I’m waiting for you! Where did you go? Since that day when the whole family was upset and crying, and you weren't there for our evening walk, I’ve had an empty feeling inside me and all I want to do is find you. Now all I have are memories because you just aren't where you always used to be.
I remember how you and I would be the first ones up in the morning… we would take our walk before all the other people and cars would wake up. You and me, the soft morning sunlight and a chorus of birds happily announcing the arrival of another new day… that’s how every day would start. Now I walk alone when the family lets me out.
Sometimes we’d go one way, up the hill to the old cemetery under the broad, outstretched arms of the big White Pine trees. Some days you’d pick the other way and down the road we’d hike to Eddy Creek where I could swim and look for frogs. I never knew which way you were going to choose, you always made me guess and sometimes I’d guess wrong and you’d say, “No. We’re going this way today.”
Those walks we took were our private times together. I got really excited before our walks because you always let me be myself. You let me run and follow the scent trails of other animals. You let me dig up things that smelled good. You let me carry sticks in my mouth just because it felt good. I think you knew how proud I was whenever I could prance about with a useless old stick in my mouth. Sometimes I’d drop it at your feet and you’d pretend you didn’t know what to do with it. You’d tease me and ask, “What’s this for? What do you want me to do with this ole stick?” I’d dance around and bark and crouch really low and you’d say, “Oh, I see” and you’d send it flying through the air for me to fetch.
You knew I especially liked it when you’d throw a stick into Eddy Creek and I’d have to do some fancy swimming to retrieve it before it was carried off around the bend.
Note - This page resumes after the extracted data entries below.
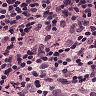
Metastatic tissue present: no
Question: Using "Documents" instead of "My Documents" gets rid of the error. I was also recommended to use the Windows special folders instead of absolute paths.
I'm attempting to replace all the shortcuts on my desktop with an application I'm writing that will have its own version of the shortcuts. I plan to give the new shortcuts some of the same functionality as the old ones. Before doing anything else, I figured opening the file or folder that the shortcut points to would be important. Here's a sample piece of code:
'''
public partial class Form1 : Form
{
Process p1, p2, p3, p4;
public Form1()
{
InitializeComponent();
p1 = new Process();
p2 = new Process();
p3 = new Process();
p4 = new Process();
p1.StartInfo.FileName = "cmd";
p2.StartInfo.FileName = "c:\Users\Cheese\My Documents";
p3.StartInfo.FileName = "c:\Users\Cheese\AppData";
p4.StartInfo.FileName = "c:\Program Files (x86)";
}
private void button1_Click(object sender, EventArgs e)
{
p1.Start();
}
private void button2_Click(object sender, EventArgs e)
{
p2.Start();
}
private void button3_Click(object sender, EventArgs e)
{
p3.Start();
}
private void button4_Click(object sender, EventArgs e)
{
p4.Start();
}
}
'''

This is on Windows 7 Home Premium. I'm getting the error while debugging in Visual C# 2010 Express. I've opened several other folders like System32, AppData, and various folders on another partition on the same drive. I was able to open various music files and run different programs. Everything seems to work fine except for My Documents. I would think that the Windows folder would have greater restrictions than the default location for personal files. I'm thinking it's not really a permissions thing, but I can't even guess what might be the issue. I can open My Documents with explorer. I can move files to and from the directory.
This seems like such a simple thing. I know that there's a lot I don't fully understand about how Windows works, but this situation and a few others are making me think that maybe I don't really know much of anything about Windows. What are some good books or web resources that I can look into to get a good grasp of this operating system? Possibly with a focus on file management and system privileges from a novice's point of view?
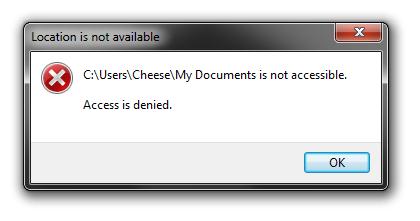
Answer: As commented,
Under Windows 7 "My Documents" is a Junction link to "Documents", trying to launch the process on a junction will fail with this error. Launch "c:\Users\Cheese\Documents" instead.
Or if this the current users my documents folder you should really ask the system for its path.
'''
var path=System.Environment.GetFolderPath(System.Environment.SpecialFolder.MyDocuments);
'''
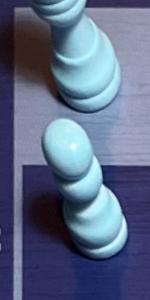
Label: Pawn_White
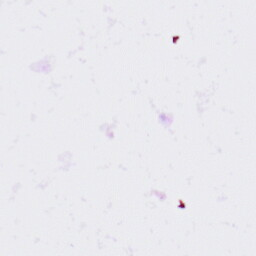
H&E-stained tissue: Lung
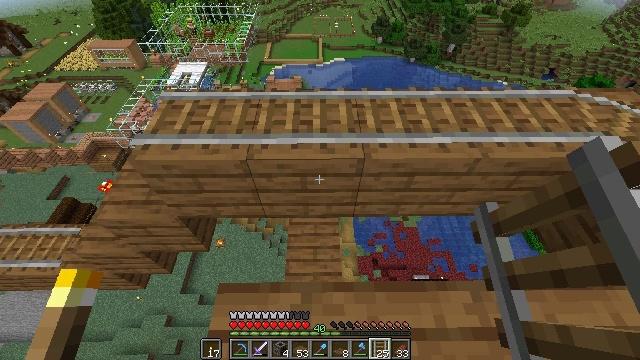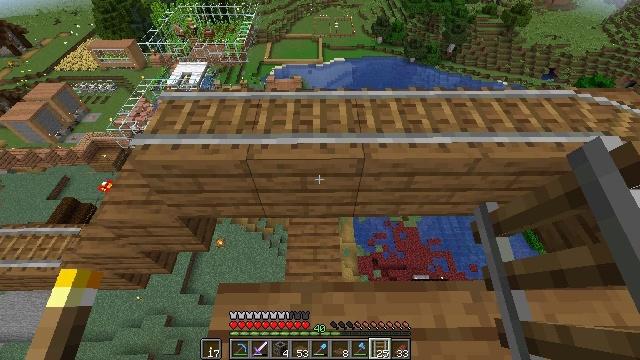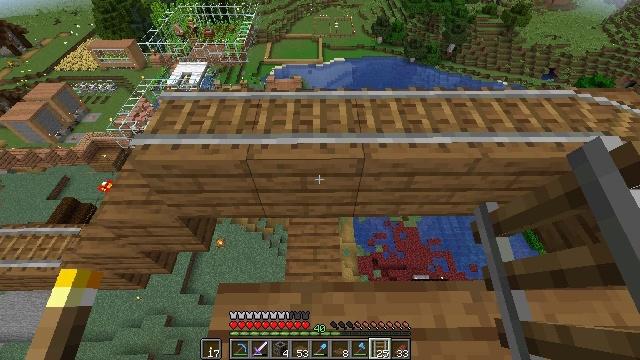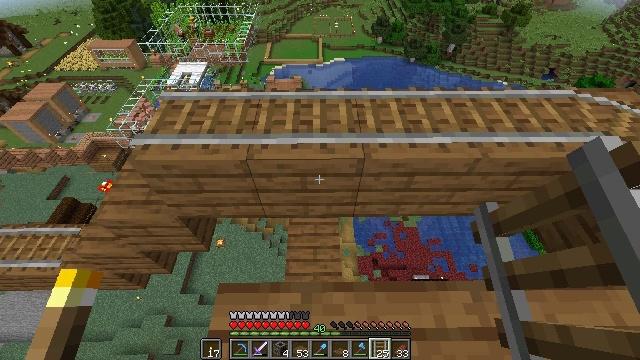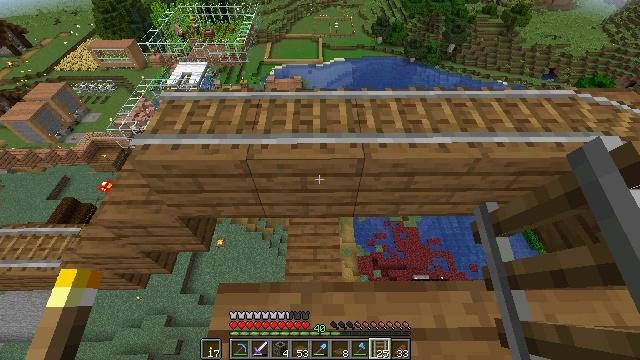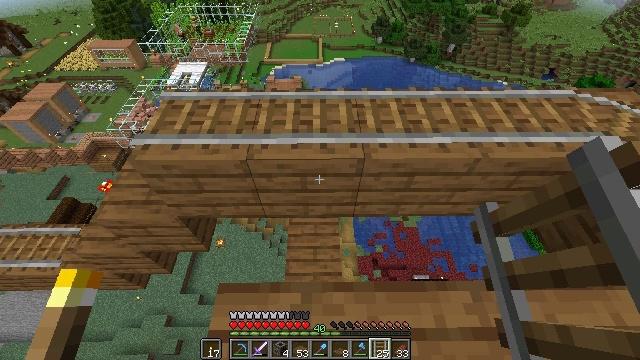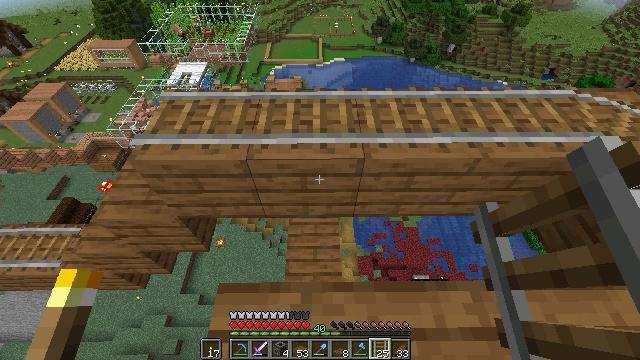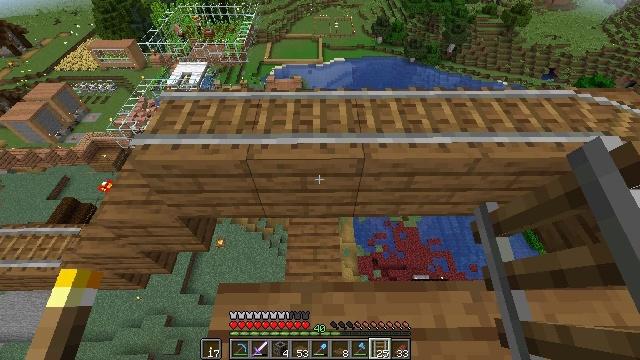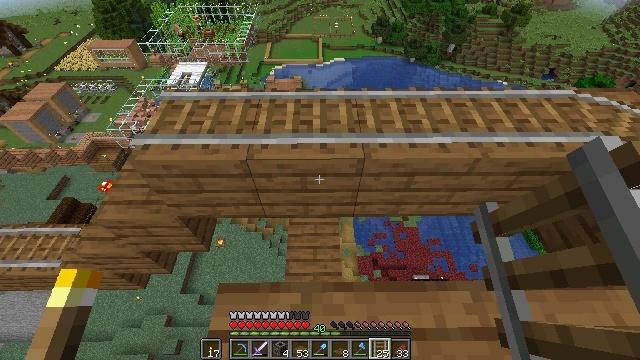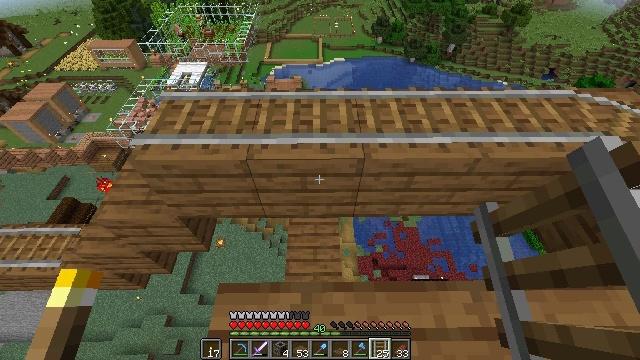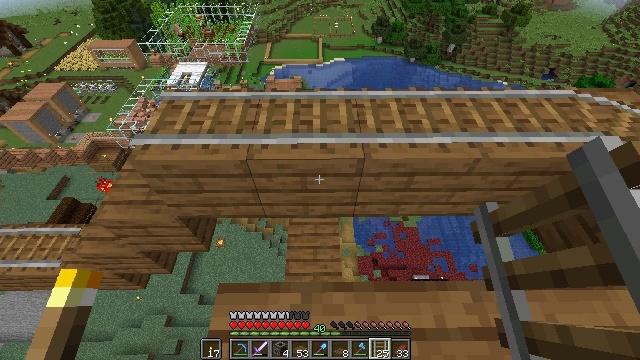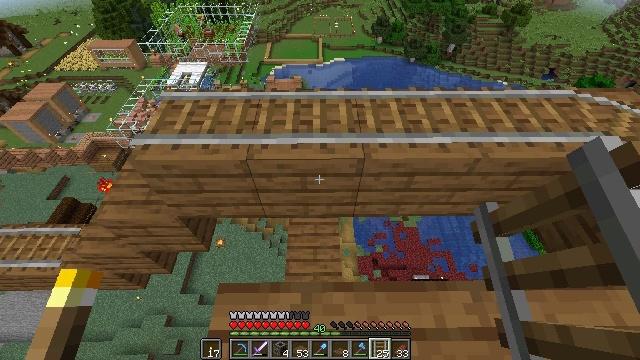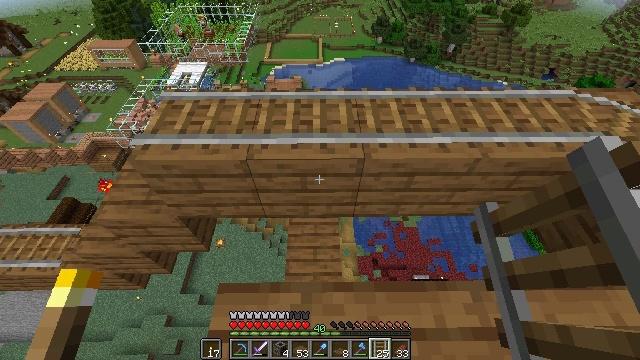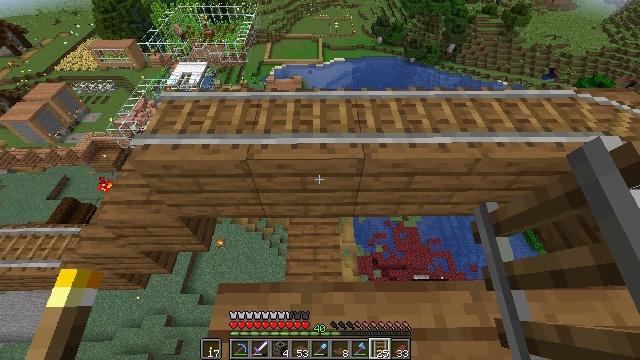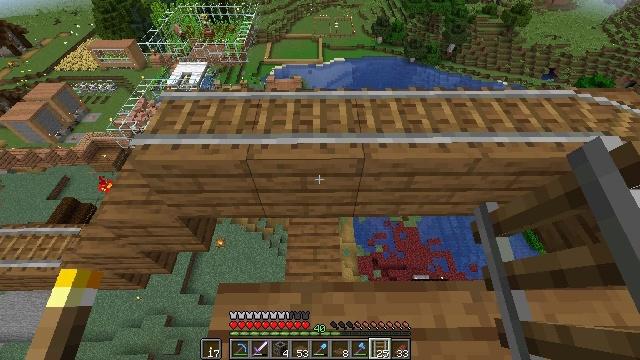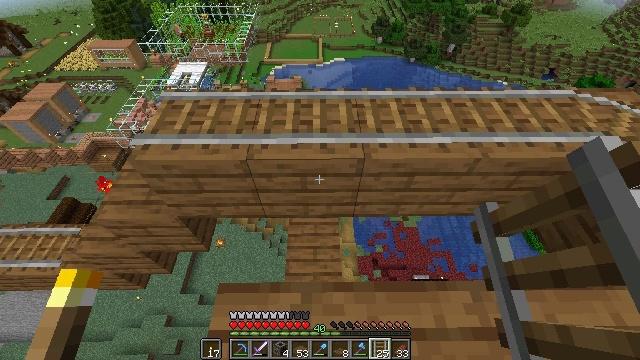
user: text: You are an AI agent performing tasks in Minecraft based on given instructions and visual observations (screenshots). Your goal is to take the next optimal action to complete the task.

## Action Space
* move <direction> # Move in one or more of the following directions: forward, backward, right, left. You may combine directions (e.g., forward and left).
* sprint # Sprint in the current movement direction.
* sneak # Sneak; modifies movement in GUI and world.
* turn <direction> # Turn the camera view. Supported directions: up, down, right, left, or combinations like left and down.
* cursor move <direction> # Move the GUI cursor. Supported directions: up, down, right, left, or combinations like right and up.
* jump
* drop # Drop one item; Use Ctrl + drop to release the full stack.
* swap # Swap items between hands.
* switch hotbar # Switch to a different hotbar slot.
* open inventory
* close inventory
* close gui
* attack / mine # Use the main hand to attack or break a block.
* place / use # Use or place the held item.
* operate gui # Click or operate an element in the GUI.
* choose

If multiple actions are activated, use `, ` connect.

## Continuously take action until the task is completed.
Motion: motion action
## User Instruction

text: Combine ingredients at the crafting table to get rabbit stew.
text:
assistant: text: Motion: no_op
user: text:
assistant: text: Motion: no_op
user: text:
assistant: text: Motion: no_op
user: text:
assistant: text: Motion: no_op
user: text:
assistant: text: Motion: no_op
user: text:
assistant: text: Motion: no_op
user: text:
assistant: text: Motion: no_op
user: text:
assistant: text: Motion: no_op
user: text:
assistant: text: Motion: no_op
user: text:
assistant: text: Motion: no_op
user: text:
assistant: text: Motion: no_op
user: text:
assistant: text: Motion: no_op
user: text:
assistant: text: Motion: no_op
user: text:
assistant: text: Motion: no_op
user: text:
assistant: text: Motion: no_op
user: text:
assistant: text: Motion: no_op
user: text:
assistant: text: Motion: no_op
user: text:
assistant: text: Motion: no_op
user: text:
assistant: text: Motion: no_op
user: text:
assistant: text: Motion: no_op
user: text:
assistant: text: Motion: no_op
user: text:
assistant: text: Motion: no_op
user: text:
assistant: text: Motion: no_op
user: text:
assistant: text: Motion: no_op
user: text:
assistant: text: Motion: no_op
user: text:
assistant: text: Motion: no_op
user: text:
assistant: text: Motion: no_op
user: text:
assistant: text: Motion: no_op
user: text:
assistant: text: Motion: no_op
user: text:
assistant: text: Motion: no_op
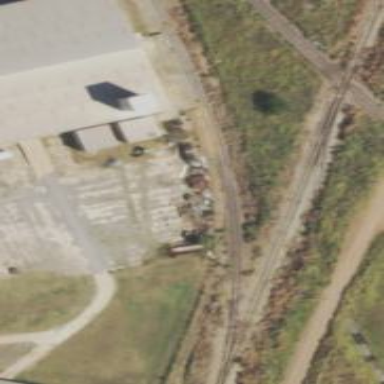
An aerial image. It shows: Disused railway spur line.
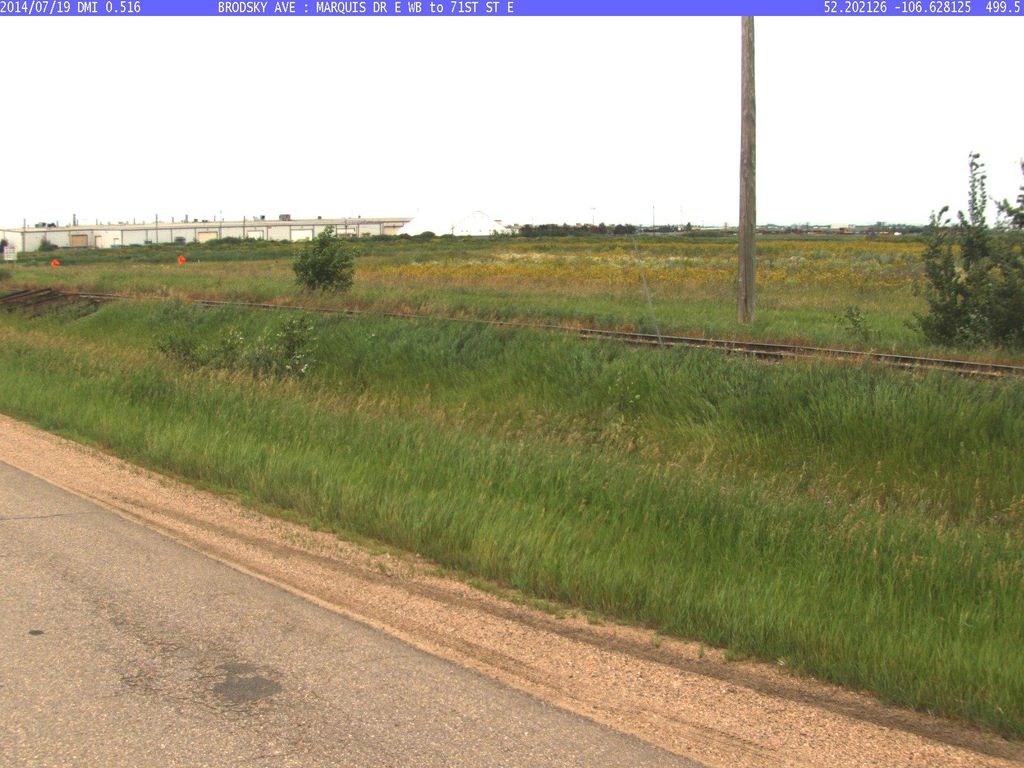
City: saskatoon
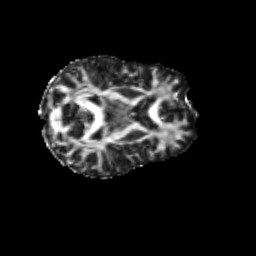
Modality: FA
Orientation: axial
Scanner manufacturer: siemens
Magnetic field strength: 3 T
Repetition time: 9.2 s
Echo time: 0.084 s
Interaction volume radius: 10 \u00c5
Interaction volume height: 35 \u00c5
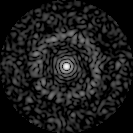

I liked Eddy Creek, even when you’d tell me to lie down under the big willow tree for long naps while you worked your newest homemade trout fly across the water’s surface. I liked those naps and you liked those smelly little trout we’d take home for supper. I liked waiting for you back then because I always knew we’d play again tomorrow. Where did you go? I’m waiting for you!
Ever since that awful night so long ago when you didn’t take me for our evening walk through the yard, everything has been so different and strange. Where did you go? The family lets me out the door now, early like when you and I use to have our walks, but now all I do is walk by myself up to the old cemetery. I’ve given up visiting Eddy Creek in the morning. It’s too quiet there and I don’t see the little trout anymore. For a long time after you were gone I used to think I could still see you there at the water's edge with your teeth showing, your brown straw hat shading your eyes and your fly line looping over the water. I’d be so happy to see you I’d jump up and run to you… but you’d be gone when I’d get to the creek. I think the birds have left too because I don’t hear their happy songs celebrating the misty mornings like they used to when we were together.
The only place I feel like I’m close to you, where I think I can still feel your hand on my head like I did when I sat next to your reading chair, is when I sit near the stone with your name on it. That’s the only place I feel close to you now, where it feels like you are close to me. But that’s okay because I have lots to think about while I’m waiting for you.
Sometimes I think back to my first day with our family. I was happy and afraid at the same time and very curious about my new surroundings that were to be my home. Everyone was busy rubbing my ears and patting my head, picking me up and clapping their hands to get my attention. Finally, I found you, quietly sitting in your chair reading. It looked safe there by your side, so I sat there, too. I felt your gentle hand rub my cheek and all you said was a soft “Good dog. Then you said to the rest of the family, “I think he just needs to rest now”. From then on I always felt safe next to you. You are my true friend. Maybe that’s why I spend every day here… waiting for you.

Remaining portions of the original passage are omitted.